State the number of lines in the records underneath where the word "image" turns up, and say nothing else.

[Start of section]

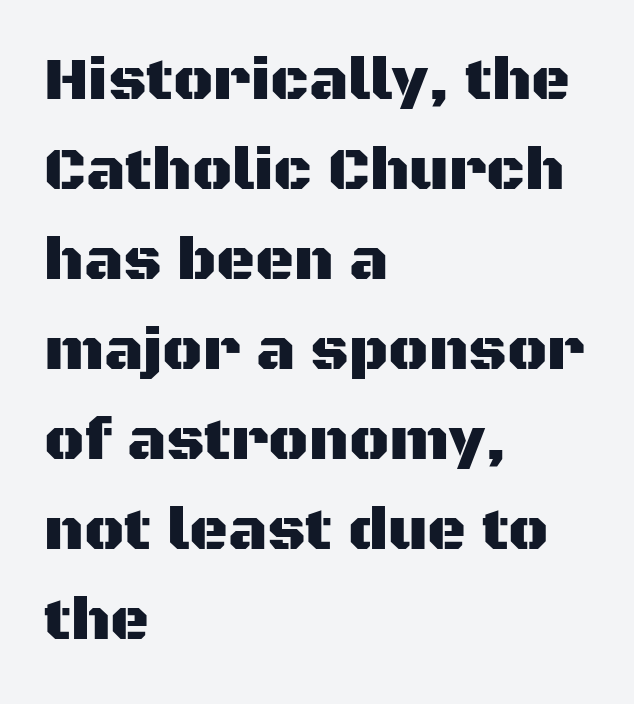
A typesetter would call this leading conventional body-copy spacing. In terms of letterspacing, this is plain default setting. Rendered with straight, roman letterforms. Anything drawn beneath the words? Only blank space. Nothing sits at the stroke ends, so this counts as sans-serif. All the whitespace from short lines collects on the right.
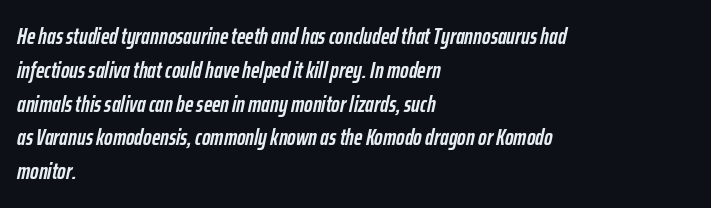
{"italic": "yes", "lean": "right", "slant_degrees": 12, "bold": "yes", "underline": "no", "align": "left", "line_spacing": "normal", "line_spacing_ratio": 1.47, "letter_spacing": "normal", "letter_spacing_em": 0.0, "glyph_px": 23}
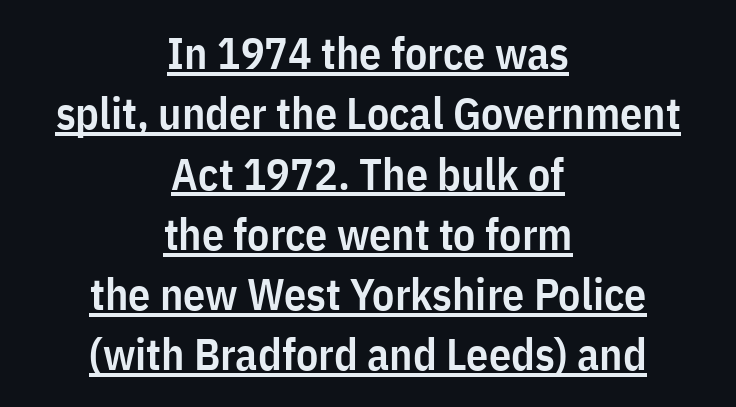
The image shows 44 px semibold, condensed sans-serif type, upright; set centered, normal line spacing (1.37x), normal letter spacing, underlined; low stroke contrast and a medium x-height.
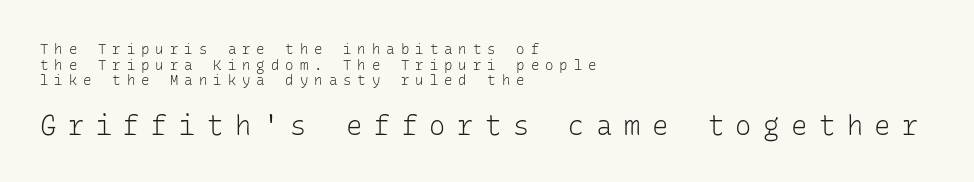
Inter-character spacing is expanded well beyond the font's built-in metrics. If you drew a line through each stem, it would be perfectly vertical. Caption: multi-line text, flush left, ragged right. No word sits above an underline. The leading is snug, giving the passage a crowded texture.
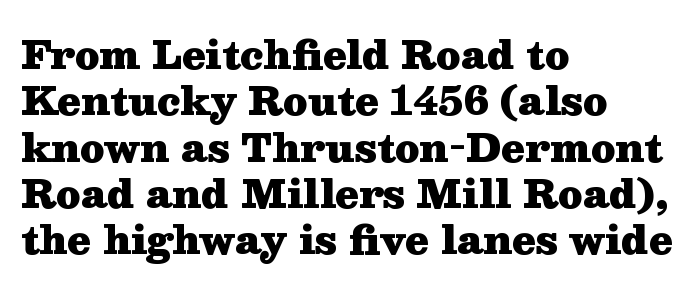
The image shows 38 px heavy, wide serif type, upright; set left-aligned, line spacing 1.22x, normal letter spacing, not underlined; medium stroke contrast and a medium x-height.
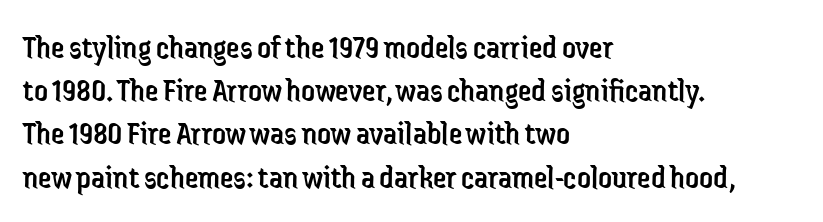
{"serif": "no", "italic": "no", "bold": "no", "weight": "regular", "width": "condensed", "stroke_contrast": "low", "x_height": "medium", "monospaced": "no", "underline": "no", "align": "left", "line_spacing": "normal", "line_spacing_ratio": 1.27, "letter_spacing": "normal", "letter_spacing_em": 0.0, "glyph_px": 34}
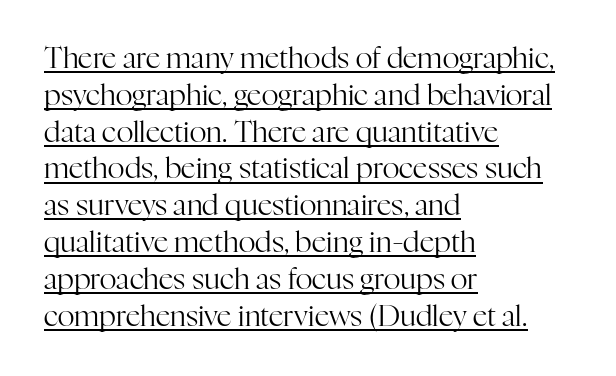
Q: Is the text bold? A: No.
Q: Is the text italic (slanted)? A: No, it is upright.
Q: Is the typeface a serif or a sans-serif typeface? A: Serif.
Q: Is the text underlined? A: Yes.
Q: How is the paragraph aligned? A: Left-aligned.
Q: Is the spacing between letters normal or unusually wide? A: Normal.
Q: Is the spacing between lines tight, normal or loose? A: Normal.
Q: Width (condensed, normal, or wide)? A: Normal.
Q: Stroke contrast? A: High.
Q: x-height? A: Medium.
Q: Monospaced? A: No.

[End of section]

→ **Response area**:
2